Stored data:

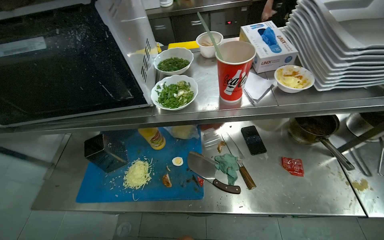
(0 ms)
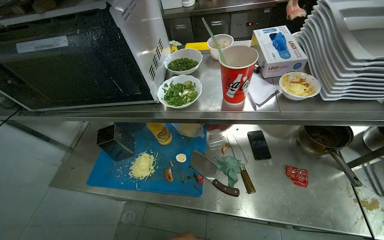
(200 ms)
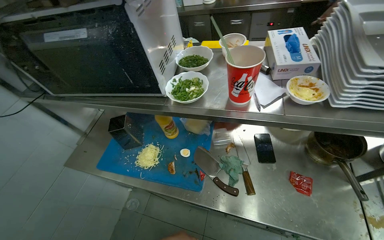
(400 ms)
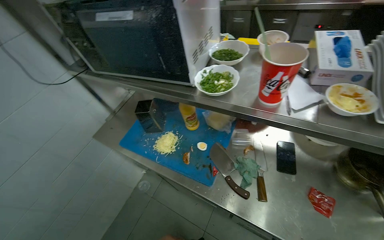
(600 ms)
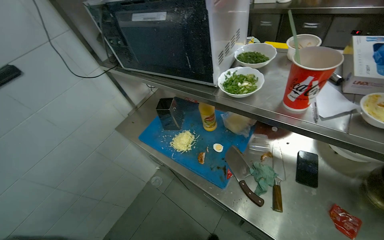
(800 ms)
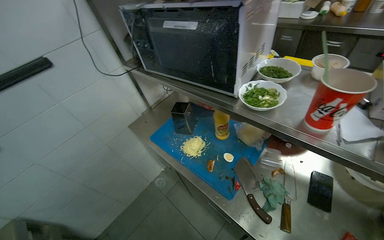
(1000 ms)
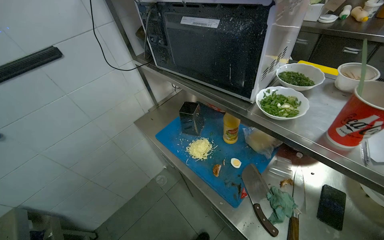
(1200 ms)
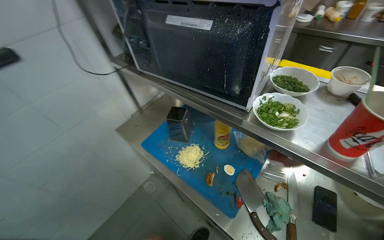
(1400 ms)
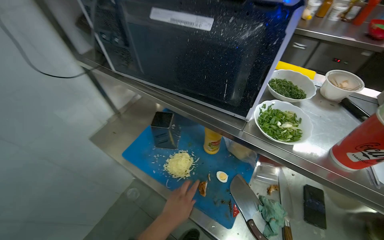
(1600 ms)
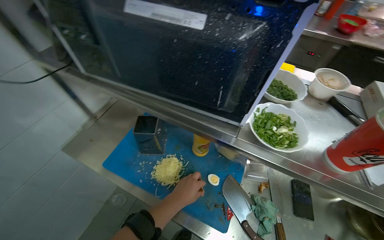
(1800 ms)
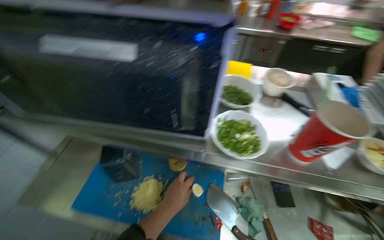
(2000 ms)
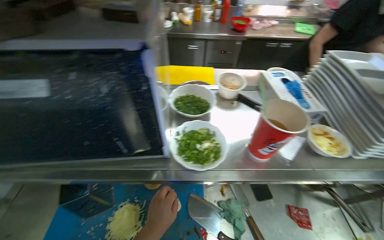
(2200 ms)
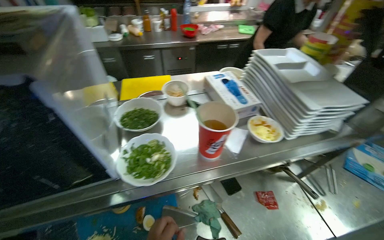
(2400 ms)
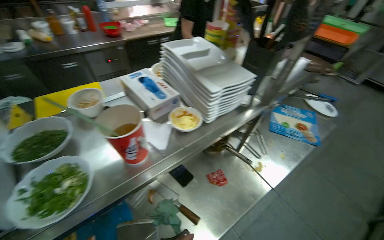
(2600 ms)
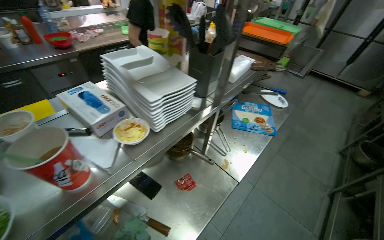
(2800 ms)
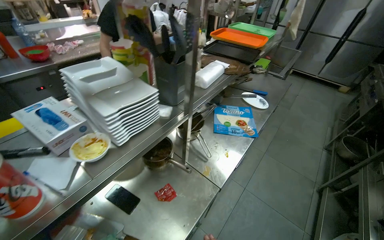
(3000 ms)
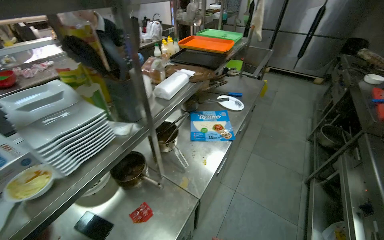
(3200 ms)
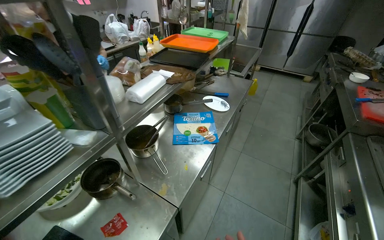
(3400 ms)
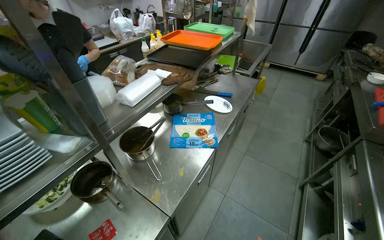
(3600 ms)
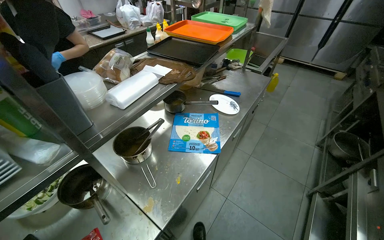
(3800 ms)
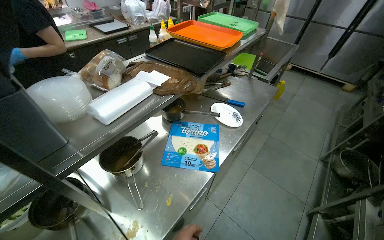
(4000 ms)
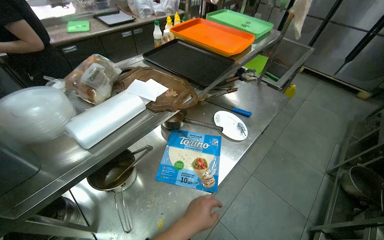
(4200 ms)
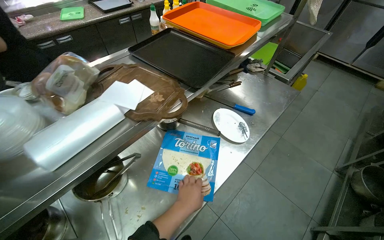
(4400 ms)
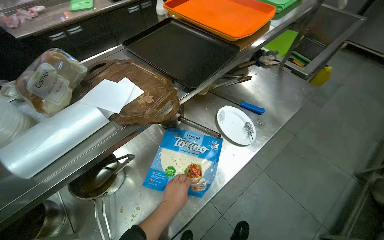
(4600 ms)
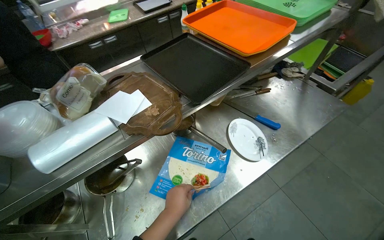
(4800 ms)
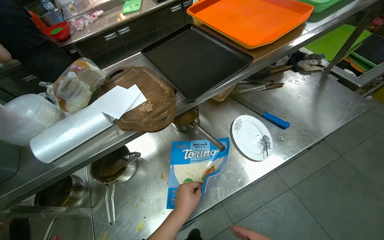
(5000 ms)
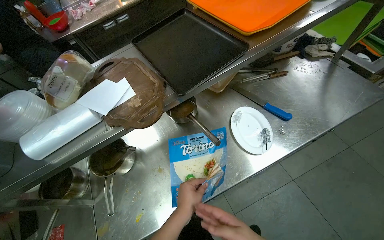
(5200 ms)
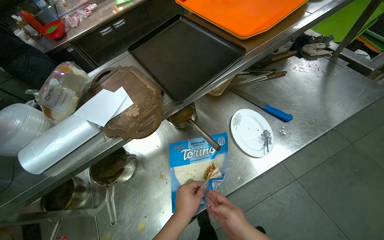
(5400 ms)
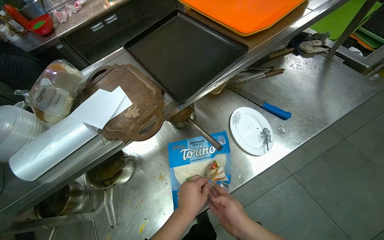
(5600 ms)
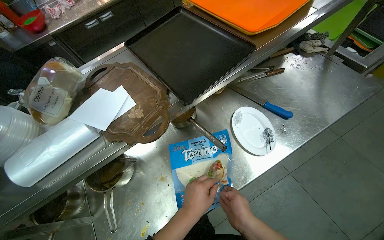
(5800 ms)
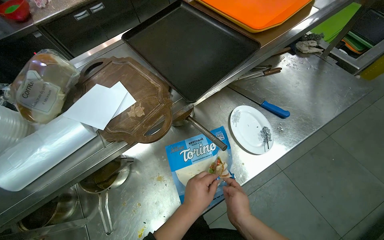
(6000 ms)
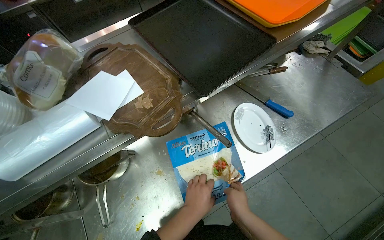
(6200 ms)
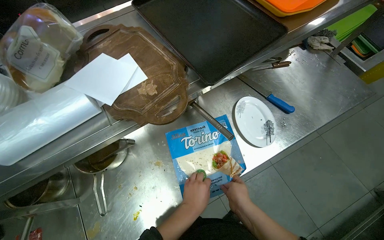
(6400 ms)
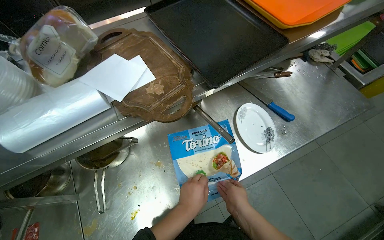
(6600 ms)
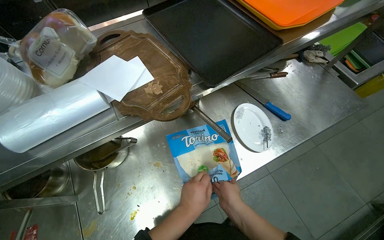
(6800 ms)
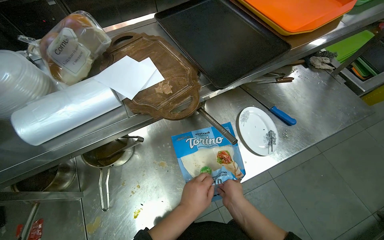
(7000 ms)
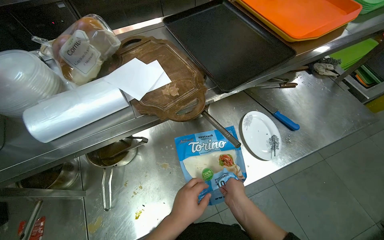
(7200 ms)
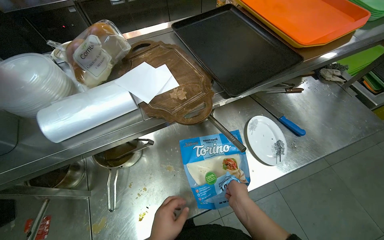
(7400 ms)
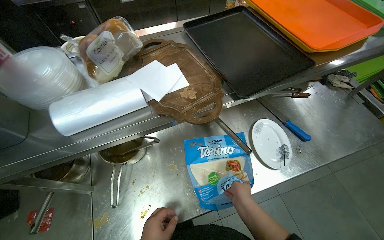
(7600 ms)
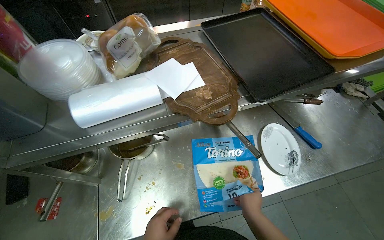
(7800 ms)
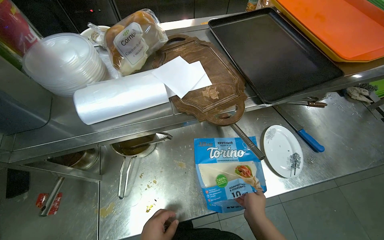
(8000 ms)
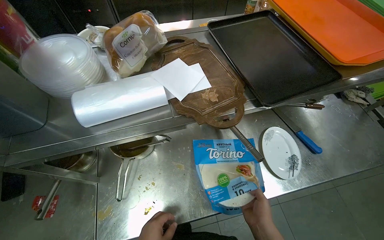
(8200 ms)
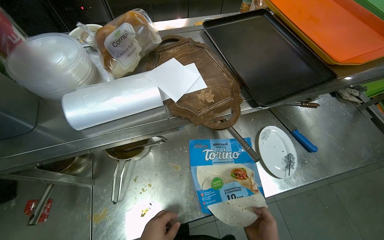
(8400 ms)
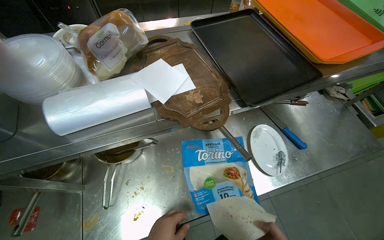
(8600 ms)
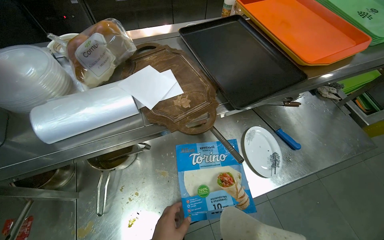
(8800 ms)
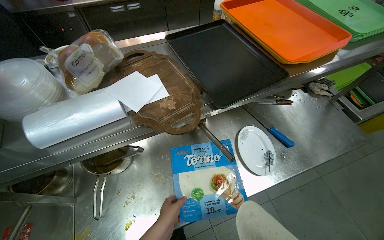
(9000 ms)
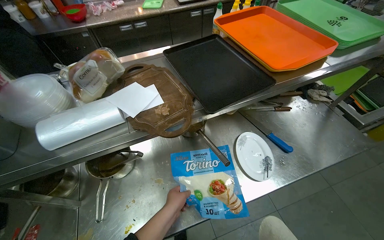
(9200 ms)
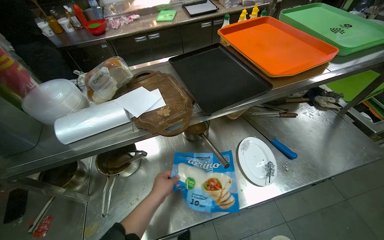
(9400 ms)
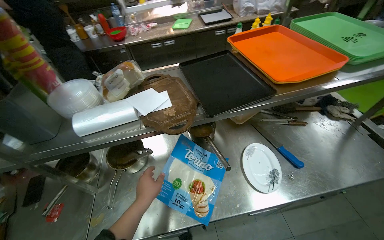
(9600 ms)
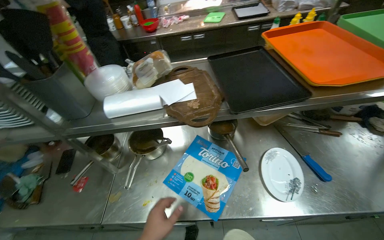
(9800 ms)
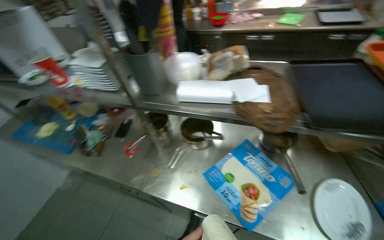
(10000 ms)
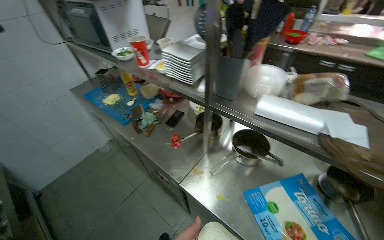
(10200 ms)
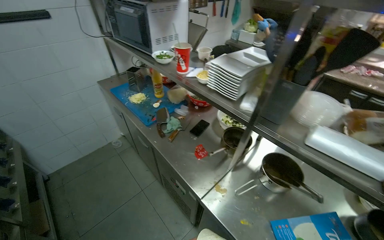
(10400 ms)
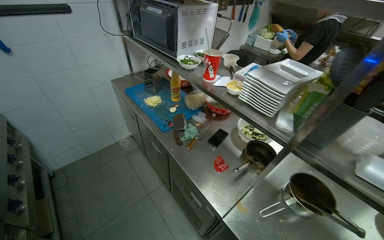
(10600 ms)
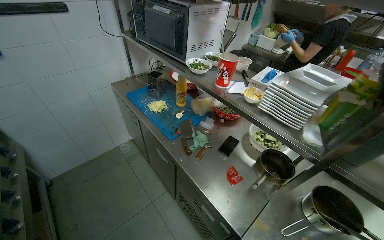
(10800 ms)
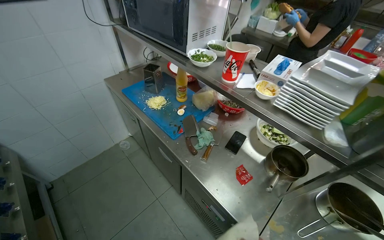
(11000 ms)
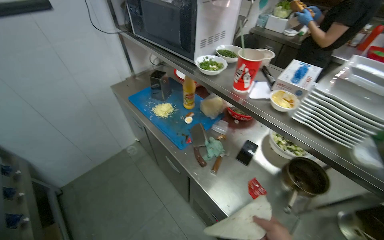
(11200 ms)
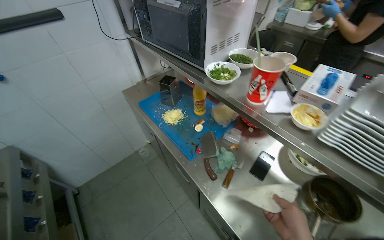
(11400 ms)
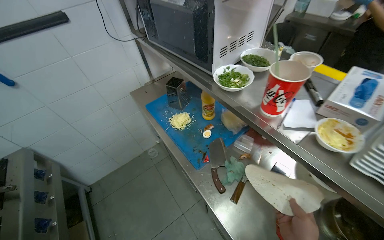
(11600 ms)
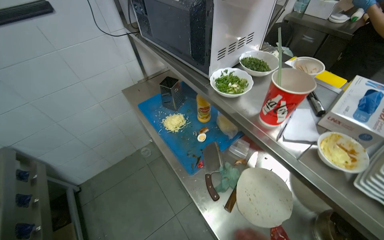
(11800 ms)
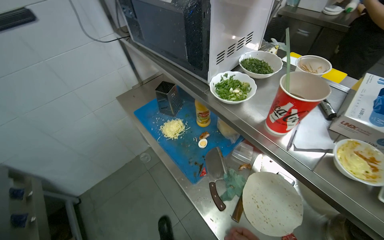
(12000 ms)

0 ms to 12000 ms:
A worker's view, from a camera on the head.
Job: cooking food.
The whole recording: Cooking vegetables in pan. The worker adds sliced vegetables to a pan, stirs them, and seasons them on the stove.
0 ms to 1600 ms: The wearer looks approximately 35 degrees further to the left.
1600 ms to 3000 ms: The head turns to the right by about 85 degrees.
3000 ms to 4400 ms: The head travels approximately 70 cm.
9000 ms to 10400 ms: The wearer moves about 40 cm. The wearer's head swings some 70 degrees to the left.
10400 ms to 12000 ms: The head travels roughly 60 cm.

WORK INSTRUCTIONS: Word for word, give the entries above again, with no images included.

SOLUTION TO THIS TASK:
(0 ms)
(200 ms)
(400 ms)
(600 ms)
(800 ms)
(1000 ms)
(1200 ms)
(1400 ms)
(1600 ms)
(1800 ms)
(2000 ms)
(2200 ms)
(2400 ms)
(2600 ms)
(2800 ms)
(3000 ms)
(3200 ms)
(3400 ms)
(3600 ms)
(3800 ms)
(4000 ms)
(4200 ms)
(4400 ms)
(4600 ms)
(4800 ms)
(5000 ms)
(5200 ms)
(5400 ms)
(5600 ms)
(5800 ms)
(6000 ms)
(6200 ms)
(6400 ms)
(6600 ms)
(6800 ms)
(7000 ms)
(7200 ms)
(7400 ms)
(7600 ms)
(7800 ms)
(8000 ms)
(8200 ms)
(8400 ms)
(8600 ms)
(8800 ms)
(9000 ms)
(9200 ms)
(9400 ms)
(9600 ms)
(9800 ms)
(10000 ms)
(10200 ms)
(10400 ms)
(10600 ms)
(10800 ms)
(11000 ms)
(11200 ms)
(11400 ms)
(11600 ms)
(11800 ms)
(12000 ms)

0 ms to 12000 ms:
A worker's view, from a camera on the head.
Job: cooking food.
The whole recording: Cooking vegetables in pan. The worker adds sliced vegetables to a pan, stirs them, and seasons them on the stove.
0 ms to 1600 ms: The wearer looks approximately 35 degrees further to the left.
1600 ms to 3000 ms: The head turns to the right by about 85 degrees.
3000 ms to 4400 ms: The head travels approximately 70 cm.
9000 ms to 10400 ms: The wearer moves about 40 cm. The wearer's head swings some 70 degrees to the left.
10400 ms to 12000 ms: The head travels roughly 60 cm.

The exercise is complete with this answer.